DEGARELIX ACETATE is a GnRH antagonist that works by Gonadotropin-releasing hormone (Gn RH) receptor antagonist; competitively and reversibly binds to Gn RH receptors in the anterior pituitary, rapidly suppressing luteinizing hormone (LH) and follicle-stimulating hormone (FSH) secretion, thereby reducing testosterone production.. ZEGALOGUE (AUTOINJECTOR) is a GnRH Antagonist that works by Zegalogue (dasiglucagon) is a glucagon analog that binds to glucagon receptors, activating adenylate cyclase and increasing c AMP levels, which promotes glycogenolysis and gluconeogenesis in the liver, thereby raising blood glucose levels.. They differ in pharmacokinetic profiles, FDA-approved indications, and side effect profiles.
Potency comparisons between DEGARELIX ACETATE and ZEGALOGUE (AUTOINJECTOR) depend on the specific clinical indication.

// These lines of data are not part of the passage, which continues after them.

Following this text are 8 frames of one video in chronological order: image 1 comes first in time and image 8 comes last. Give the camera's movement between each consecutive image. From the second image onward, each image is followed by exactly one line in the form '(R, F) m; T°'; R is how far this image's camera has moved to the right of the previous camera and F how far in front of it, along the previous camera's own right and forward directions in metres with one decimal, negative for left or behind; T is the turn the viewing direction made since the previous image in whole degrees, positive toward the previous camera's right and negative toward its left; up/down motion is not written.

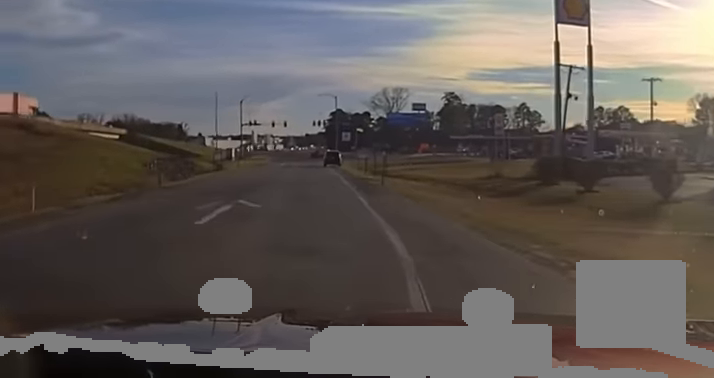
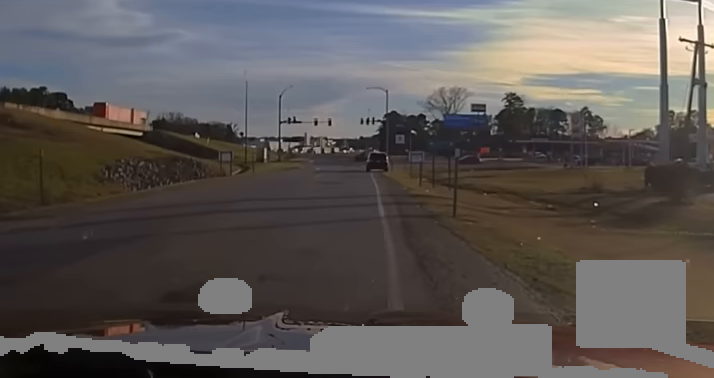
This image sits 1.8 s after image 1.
(-0.4, +16.6) m; -5°
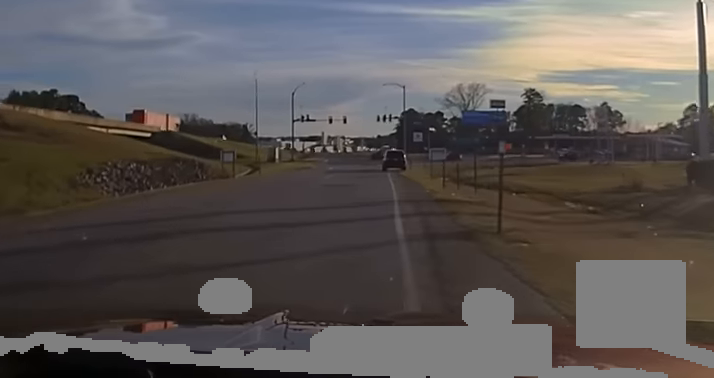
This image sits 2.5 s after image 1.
(-0.2, +4.7) m; -3°
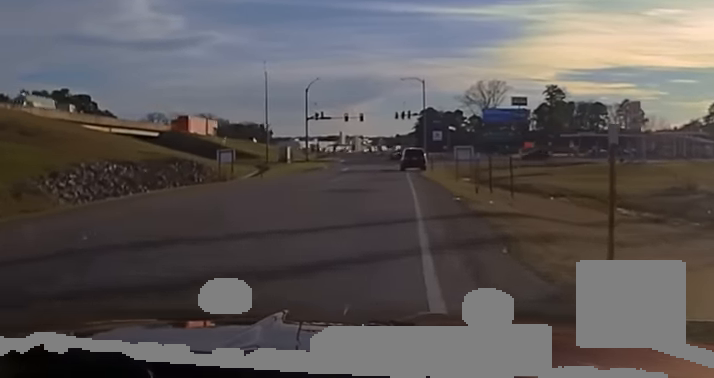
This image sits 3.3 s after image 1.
(-0.2, +5.2) m; -4°
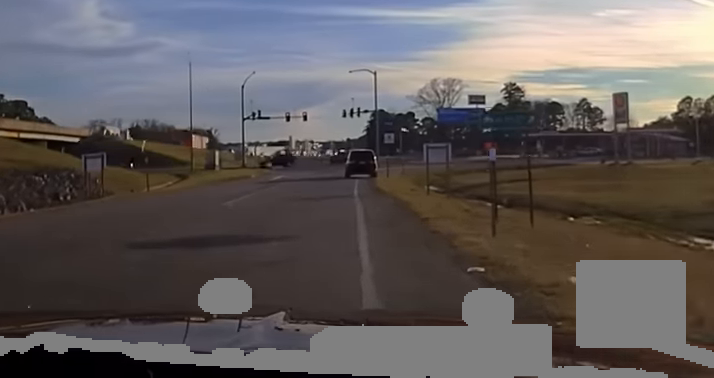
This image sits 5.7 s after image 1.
(+0.4, +9.5) m; +6°
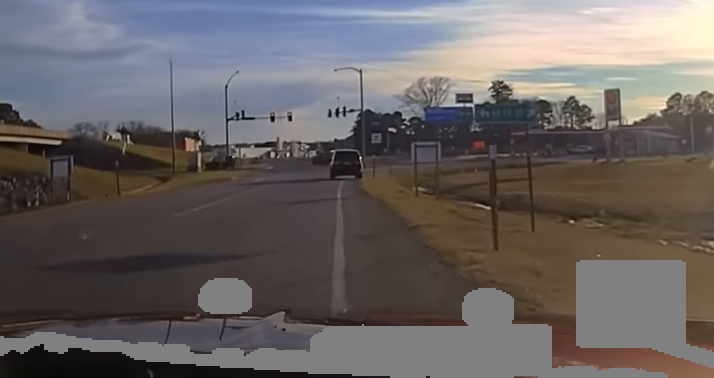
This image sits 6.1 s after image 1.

These are agents from distinct pharmacological classes and are not directly interchangeable by dose. A physician or clinical pharmacist should guide any therapeutic switching decisions.
The standard adult dose of DEGARELIX ACETATE is: Subcutaneous injection: 240 mg loading dose (two 120 mg injections) on day 1, followed by 80 mg every 28 days.. The standard adult dose of ZEGALOGUE (AUTOINJECTOR) is: 0.25 mg intramuscularly (IM) as a single dose into the anterolateral thigh, repeated once after 15 minutes if necessary.. Dosing should always be individualized based on indication, renal and hepatic function, age, and other patient factors.
No direct drug-drug interaction has been formally documented between DEGARELIX ACETATE and ZEGALOGUE (AUTOINJECTOR) in current clinical databases. However, individual patient risk factors including other medications, organ function, and comorbidities should always be evaluated by a qualified healthcare provider.
The maternal-fetal safety profiles differ. DEGARELIX ACETATE is classified as Category C. Category X: Contraindicated in pregnancy. First trimester: Risk of spontaneous abortion and congenital anomalies due to hormonal disruption. Second and third trimesters: Potential . ZEGALOGUE (AUTOINJECTOR) is classified as Category C. Zegalogue (dasiglucagon) is a glucagon analog; no adequate human studies exist. In animal reproduction studies, no evidence of fetal harm was observed at doses up to 600 times the . Always consult a maternal-fetal medicine specialist before taking either drug during pregnancy or lactation.